The drug companies are trying to halt implementation of a program in the state of Maine, called Maine Rx, which proposes to leverage the state's Medicare population in order to generate discount drug prices for patients who do not have insurance for prescriptions.

Maine Rx is supposed to work thusly: The state government, invoking their authority under the Medicaid program, would require drug manufacturers to negotiate rebates for prescription drugs for the state's drugstores.  The rebate fund (a fund to which only drug companies would contribute) would then be used by the drugstores to sell prescriptions to patients at discount prices.  Further, if prices were not brought under some control by this program within three years, Maine would impose price controls. 

Maine Rx was supposed to go into effect in 2000, but has not been implemented because of the constitutional challenge brought by the PRMA.  The Supreme Court heard arguments related to this case in January.

DrRich Comments

DrRich does not understand the constitutional challenge posed by PRMA, and judging by some of the questions asked by the Justices during oral arguments, neither did the Supremes.  The constitutional issue has something to do with the fact that Maine proposes to leverage its authority relative to Medicaid patients to generate discounts for self-paying (i.e., non-Medicaid) patients.  Medicaid regulations, PRMA holds, aren't supposed to have anything to do with non-Medicaid patients.

The constitutional issues aside, the real issue is whether governments, either state or federal, will find a way to impose price controls on the drug companies.  If they do, it will amount to a cap on profits. To the extent that drug-company profits are evil works of the devil, that's good.

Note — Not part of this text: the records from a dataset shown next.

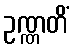
ဥဏ္ဏတိံ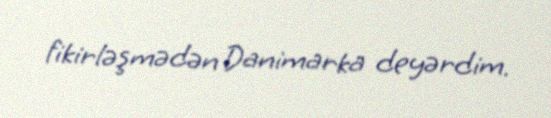
fikirləşmədən Danimarka deyərdim.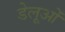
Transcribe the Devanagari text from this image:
डेलूओं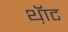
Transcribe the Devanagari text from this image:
थ़ॅाट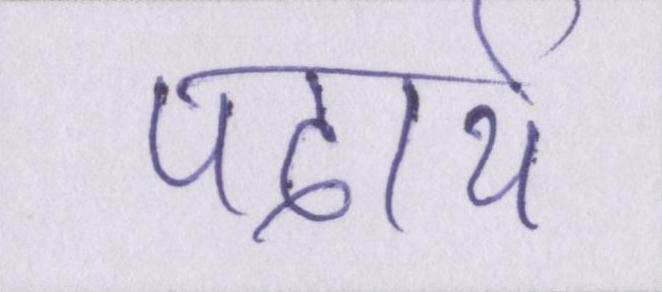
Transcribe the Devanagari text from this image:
पदार्थ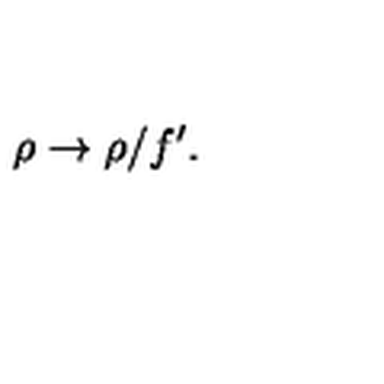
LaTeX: \rho \rightarrow \rho / f ^ { \prime } .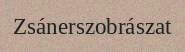
Zsánerszobrászat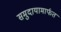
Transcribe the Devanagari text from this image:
समुदायामार्फत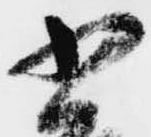
書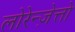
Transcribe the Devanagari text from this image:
लोरेन्ज़ेत्तो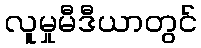
လူမှုမီဒီယာတွင်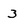
Character: 3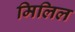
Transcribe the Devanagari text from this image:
मिलिल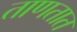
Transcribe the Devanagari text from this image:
ताणतात

But to the extent that profits are the motivation for pharmaceutical companies to spend billions a year on finding new treatments for sick people, that's bad.

So what's the solution?  Glad you asked!  DrRich, as usual, has a modest proposal.

The real problem, it seems to me, is that patients continue to insist on only the latest, most modern, and thus the most expensive drugs, while at the same time complaining of the cost. Hearing these complaints, government officials are trying mightily to find ways to cap drug prices, thus capping drug company profits.  This loss of profit potential will, in turn, ultimately halt the flow of these latest, most modern and expensive drugs.  Drug prices will end up lower, but we will be stuck with the drugs we have today, with little hope of future innovation.

So here's the solution: Let's pretend we have price controls, and that, indeed, they've been in place since, say, 2001. As a result, let's pretend that there haven't been any new drugs introduced since 2001.  So the only drugs we will be willing to buy (we all tell ourselves) are the old ones, which - being old - will be relatively cheap. If our docs try to prescribe something newer, we will sharply correct them.

By this simple mechanism, by merely agreeing to pretend, we can achieve overnight (for ourselves, at least) the very result we are struggling mightily to achieve through state legislatures and the courts - lower prices with no innovation. 

The beauty of this plan is that not everybody needs to participate. In fact, only those people who really, honestly feel that drug prices should be capped need to do so. They can take their chances with yesterday's technology, frozen in time. Everyone else, by their own personal choice, can continue to pay inflated prices for the new stuff if they want to, poor saps.  But at least it will be there if they want it.